Changes in the condition, early growth, and trophic position of lake trout (Salvelinus namaycush) in response to an experimental aquaculture operation

Published:2019-08 Issue:8 Volume:76 Page:1376-1387
ISSN:0706-652X
Container-title:Canadian Journal of Fisheries and Aquatic Sciences
language:en
Short-container-title:Can.

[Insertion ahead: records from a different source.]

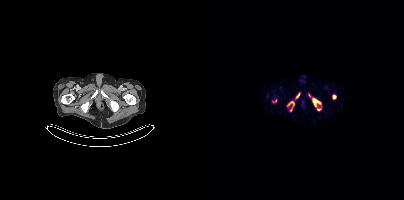
{"modality":"PSMA PET/CT","view":"axial","tracer":"18F-PSMA","pet_grid":[200,200],"coord_frame":"pet_panel","coord_format":"x0,y0,x1,y1","partial":true,"lesion_bboxes":[[108,98,117,110],[83,101,90,106],[92,93,95,97]],"small_foci_centers":[[130,96],[87,109],[71,100]]}
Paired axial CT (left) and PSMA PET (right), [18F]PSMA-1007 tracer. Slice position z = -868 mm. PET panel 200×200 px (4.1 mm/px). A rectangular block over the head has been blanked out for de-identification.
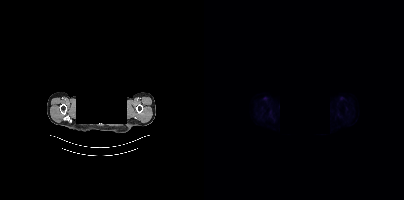
This slice has no annotated PSMA-avid lesion.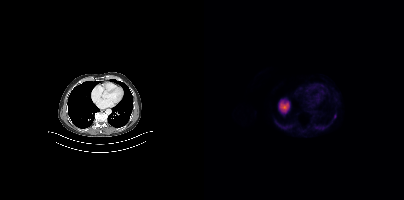
Findings: Coordinates are on the 200×200 PET (right) panel. Small PSMA-avid focus (2 to 4 px across) near (center x, center y): (131, 116).
Technique: Paired axial CT (left) and PSMA PET (right), 18F tracer. slice position z = -1086 mm. PET panel 200×200 px (4.1 mm/px).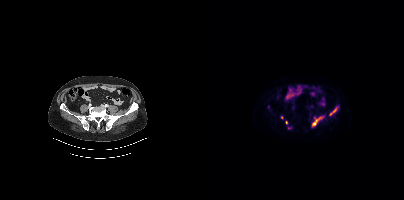
- Left: CT. Right: PSMA PET, same axial level, 18F-PSMA tracer
Findings: Coordinates are on the 200×200 PET (right) panel. (showing 5 of 7 foci) PSMA-avid tumor lesion bounding boxes (x0,y0,x1,y1): [108,115,120,126] [125,106,134,115]. Small PSMA-avid foci (2 to 4 px across) near (center x, center y): (82, 122) (64, 106) (77, 117).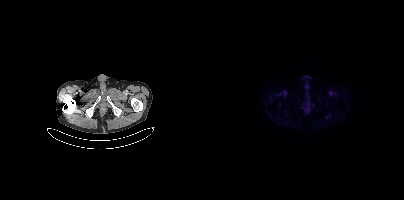
This slice has no annotated PSMA-avid lesion.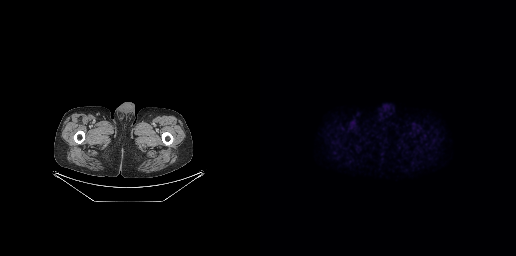
{"modality":"PSMA PET/CT","view":"axial","tracer":"[18F]PSMA-1007","pet_grid":[256,256],"coord_frame":"pet_panel","coord_format":"x0,y0,x1,y1","psma_avid_lesions":false}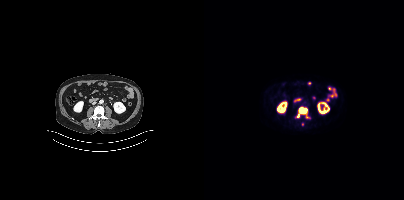
Coordinates are on the 200×200 PET (right) panel. (showing 1 of 2 foci) PSMA-avid tumor lesion bounding box (x0,y0,x1,y1): [91,106,106,118]. Two-panel axial: CT | PSMA PET, [18F]PSMA-1007 tracer. Acquired on Siemens Biograph mCT Flow 20. PET panel 200×200 px (4.1 mm/px).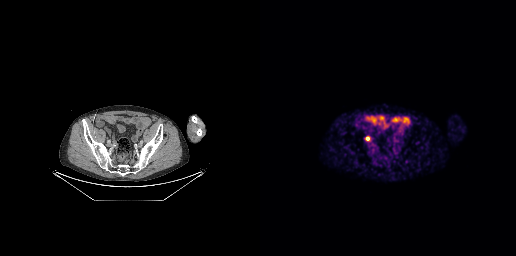
- Two-panel axial: CT | PSMA PET, [68Ga]Ga-PSMA-11 tracer
- slice position z = -729 mm
- PET panel 256×256 px (2.7 mm/px)
Findings: Coordinates are on the 256×256 PET (right) panel. Small PSMA-avid focus (2 to 4 px across) near (center x, center y): (107, 138).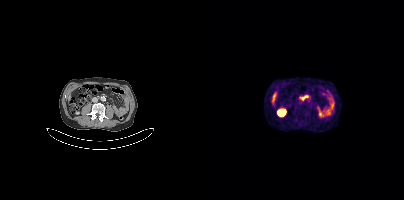
modality: PSMA PET/CT | tracer: 68Ga | view: axial | PET grid: 200×200
Negative for PSMA-avid disease on this slice.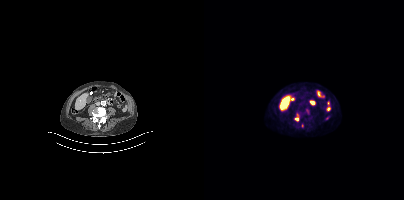
Coordinates are on the 200×200 PET (right) panel. (showing 2 of 4 foci) PSMA-avid tumor lesion bounding box (x0, y0)-(x1, y1): (91, 114)-(94, 121). Small PSMA-avid focus (2 to 4 px across) near (center x, center y): (103, 110). Left: CT. Right: PSMA PET, same axial level, [18F]PSMA-1007 tracer. Acquired on Siemens Biograph mCT Flow 20.
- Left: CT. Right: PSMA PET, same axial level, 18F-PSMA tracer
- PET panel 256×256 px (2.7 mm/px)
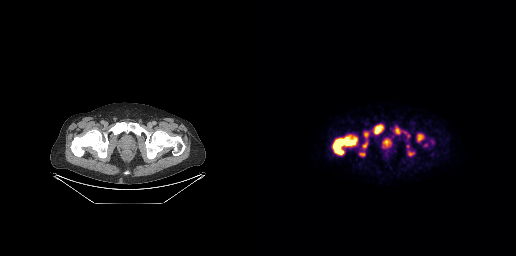
Findings: Coordinates are on the 256×256 PET (right) panel. PSMA-avid tumor lesion bounding boxes (x0, y0)-(x1, y1): (72, 135)-(97, 155) / (114, 124)-(123, 134) / (157, 133)-(164, 141) / (134, 126)-(141, 134) / (148, 151)-(154, 155) / (124, 140)-(129, 145) / (104, 132)-(108, 137) / (103, 143)-(107, 147) / (100, 153)-(104, 155). Small PSMA-avid foci (2 to 4 px across) near (center x, center y): (148, 136) / (148, 146) / (145, 132) / (165, 144).
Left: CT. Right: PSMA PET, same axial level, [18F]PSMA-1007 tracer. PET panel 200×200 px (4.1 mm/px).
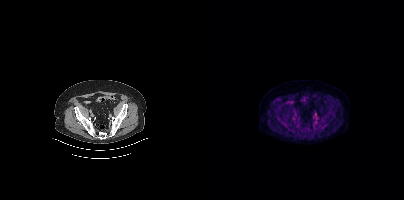
Only PSMA-avid lesion pieces thinner than 2 px on this slice (not listed).

J. Fish. Aquat. Sci.

Author:

Kennedy Patrick J.¹,Blanchfield Paul J.¹²,Kidd Karen A.³,Paterson Michael J.⁴⁵,Podemski Cheryl L.²,Rennie Michael D.¹⁵⁶

Affiliation:

1. University of Manitoba, Department of Biological Sciences, 50 Sifton Road, Winnipeg, Man., Canada.

2. Fisheries and Oceans Canada, Freshwater Institute, 501 University Crescent, Winnipeg, Man., Canada.

3. McMaster University, Department of Biology and School of Geography and Earth Sciences, 1280 Main St. West, Hamilton, Ont., Canada.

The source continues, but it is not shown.